C’è una condizione essenziale per scrivere un buon romanzo storico: la passione per la Storia. Qualità che di certo non manca a Luciana Benotto, la quale a novembre 2017 è ritornata in libreria con A bon droit. Il piacere della vendetta, edito sempre con La Vita Felice, come il suo precedente lavoro, Il Duca e il Cortigiano, imprese d’arme e d’amore. Una conoscenza dettagliata del periodo storico, dei personaggi che sono poi diventati i protagonisti del romanzo, un grande amore per i luoghi e le opere, sia pittoriche che architettoniche, sono lo sfondo e, al contempo, lo scheletro portante del libro della Benotto.

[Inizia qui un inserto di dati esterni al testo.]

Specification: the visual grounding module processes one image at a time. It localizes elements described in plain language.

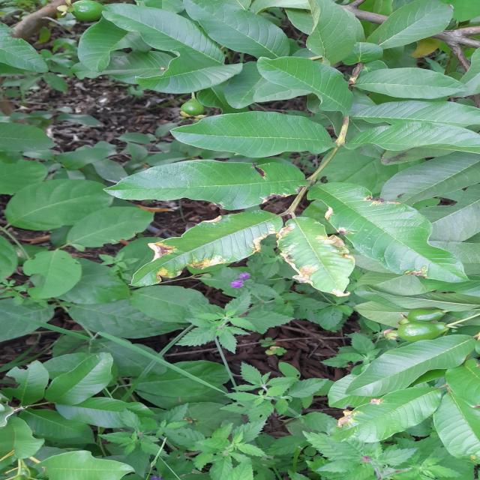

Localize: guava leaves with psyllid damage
[113,200,279,292]
[299,173,476,287]
[280,210,361,302]
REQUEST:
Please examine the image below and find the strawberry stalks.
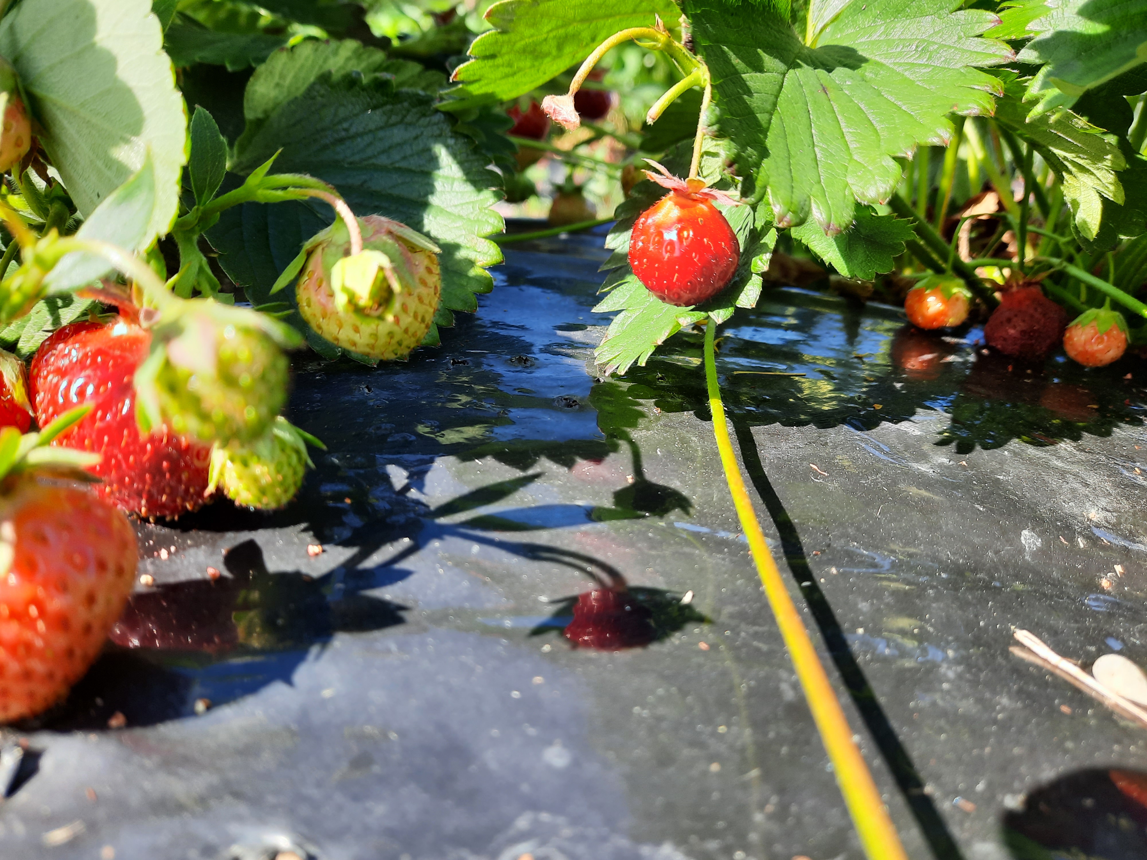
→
[684,76,725,210]
[940,219,967,282]
[1099,247,1123,312]
[66,270,156,326]
[294,186,360,263]
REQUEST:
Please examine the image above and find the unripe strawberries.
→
[1068,312,1125,357]
[910,278,974,333]
[210,417,290,516]
[152,318,275,433]
[292,216,449,345]
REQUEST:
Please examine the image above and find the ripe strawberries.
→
[640,194,721,305]
[24,323,238,513]
[0,446,145,710]

Il Rinascimento italiano visto attraverso gli occhi avidi della vendetta, i fasti del lusso e del potere minati da tensioni, intrighi, tradimenti… il tutto tenuto insieme da uno stile narrativo minuzioso che a volte sembra perdersi nei dettagli pur non cedendo mai alla monotonia o alla fastidiosa ripetizione.
Un tuffo in un passato che è più che mai presente, nelle vicende riscontrabili ancora come nei luoghi. Apprendere e immaginare i palazzi e le tenute com’erano un tempo invoglia il lettore a conoscerle e scoprire come sono oggi diventate. Luoghi che la Benotto deve conoscere a fondo, e amare.

Ci sono emozioni, sensazioni che la mera fantasia non può rimandare al lettore attraverso le sole parole scritte e poi lette, è lo scrittore che deve vivere o “appropriarsi” di determinati sentimenti e metterli nero su bianco come se fossero i propri. Solo in questo modo il lettore li ritroverà, leggendoli, e li farà a sua volta propri. Luciana Benotto riesce molto bene in questo al punto che, a tratti, i suoi personaggi diventano quasi comparse del discorso, o meglio del dialogo che lei stessa intrattiene coi suoi lettori.

Una lettura per certo consigliata agli amanti del romanzo storico, A bon droit di Luciana Benotto, e anche a coloro che amano “il piacere della vendetta”.

LUCIANA BENOTTO: laureata in Lettere Moderne, insegna in una scuola superiore. Ha collaborato a rubriche di Cultura per diverse testate, anche nazionali. I suoi scritti sono stati selezionati come finalisti a numerosi concorsi letterari. Ha scritto diversi romanzi e racconti. Organizza, con l’associazione culturale equiLibri, eventi letterari e artistici.


Source: Si ringrazia l’autrice, Luciana Benotto, per la disponibilità e il materiale.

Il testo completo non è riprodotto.